Would you print the lines below exactly, beginning at the line that has "Listed in time" and stopping after the line that has "This frame, taken 3.9 seconds after image 1."? Only those lines, and no pictures.

Data to examine →

# # # # #

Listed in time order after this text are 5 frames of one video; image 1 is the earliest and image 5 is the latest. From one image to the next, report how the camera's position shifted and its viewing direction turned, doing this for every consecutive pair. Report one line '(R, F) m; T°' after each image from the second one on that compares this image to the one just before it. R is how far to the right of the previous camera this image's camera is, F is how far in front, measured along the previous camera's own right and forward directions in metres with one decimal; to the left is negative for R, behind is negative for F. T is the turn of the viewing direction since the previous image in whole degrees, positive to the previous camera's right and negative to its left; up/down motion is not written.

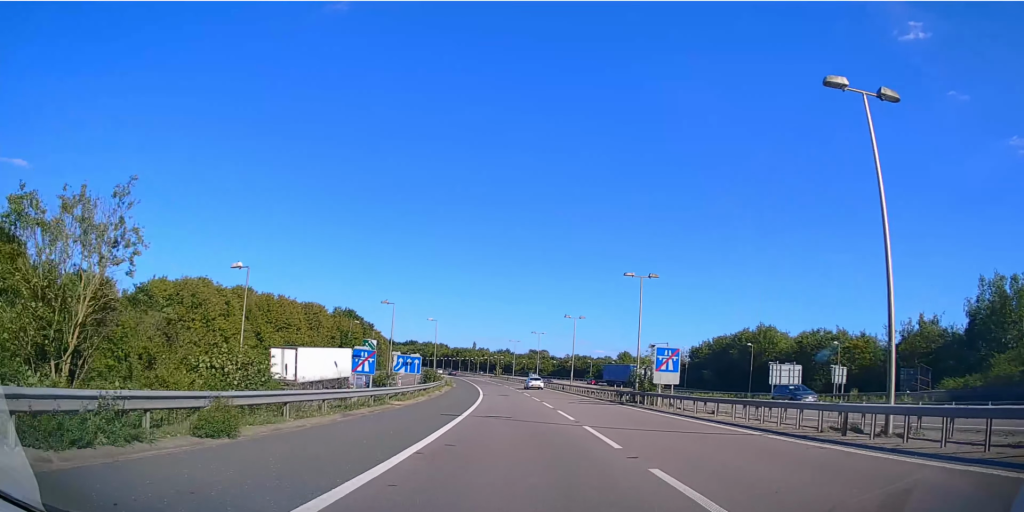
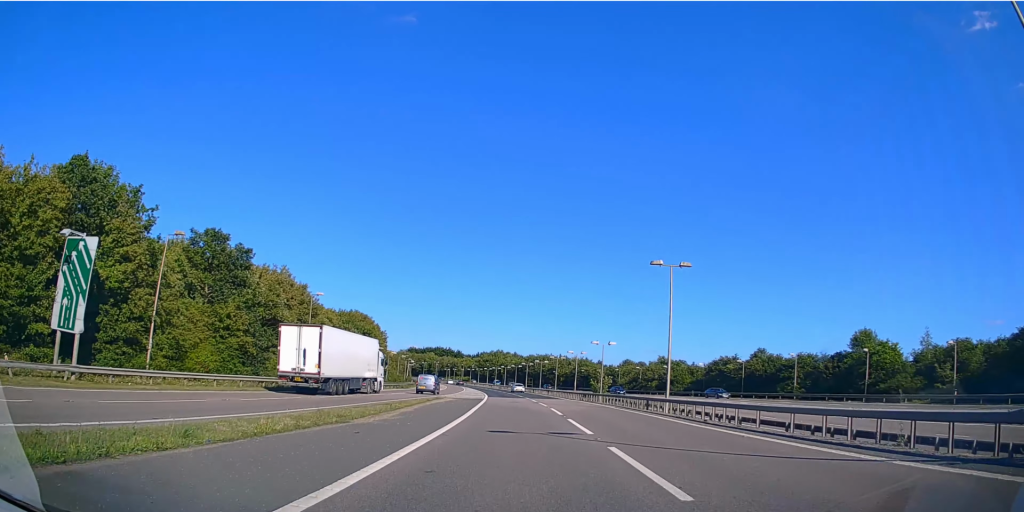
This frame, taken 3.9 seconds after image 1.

# # # # #

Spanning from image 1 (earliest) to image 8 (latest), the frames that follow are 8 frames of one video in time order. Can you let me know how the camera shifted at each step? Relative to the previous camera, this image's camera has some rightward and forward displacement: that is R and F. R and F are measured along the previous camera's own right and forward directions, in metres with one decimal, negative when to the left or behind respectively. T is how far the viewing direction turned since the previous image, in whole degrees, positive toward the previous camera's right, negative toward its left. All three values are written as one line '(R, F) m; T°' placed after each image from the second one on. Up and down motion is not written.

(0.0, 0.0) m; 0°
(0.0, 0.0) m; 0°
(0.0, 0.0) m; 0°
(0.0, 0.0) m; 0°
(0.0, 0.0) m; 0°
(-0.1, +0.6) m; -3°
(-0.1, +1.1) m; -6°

# # # # #

Task response →
Listed in time order after this text are 5 frames of one video; image 1 is the earliest and image 5 is the latest. From one image to the next, report how the camera's position shifted and its viewing direction turned, doing this for every consecutive pair. Report one line '(R, F) m; T°' after each image from the second one on that compares this image to the one just before it. R is how far to the right of the previous camera this image's camera is, F is how far in front, measured along the previous camera's own right and forward directions in metres with one decimal; to the left is negative for R, behind is negative for F. T is the turn of the viewing direction since the previous image in whole degrees, positive to the previous camera's right and negative to its left; up/down motion is not written.

This frame, taken 3.9 seconds after image 1.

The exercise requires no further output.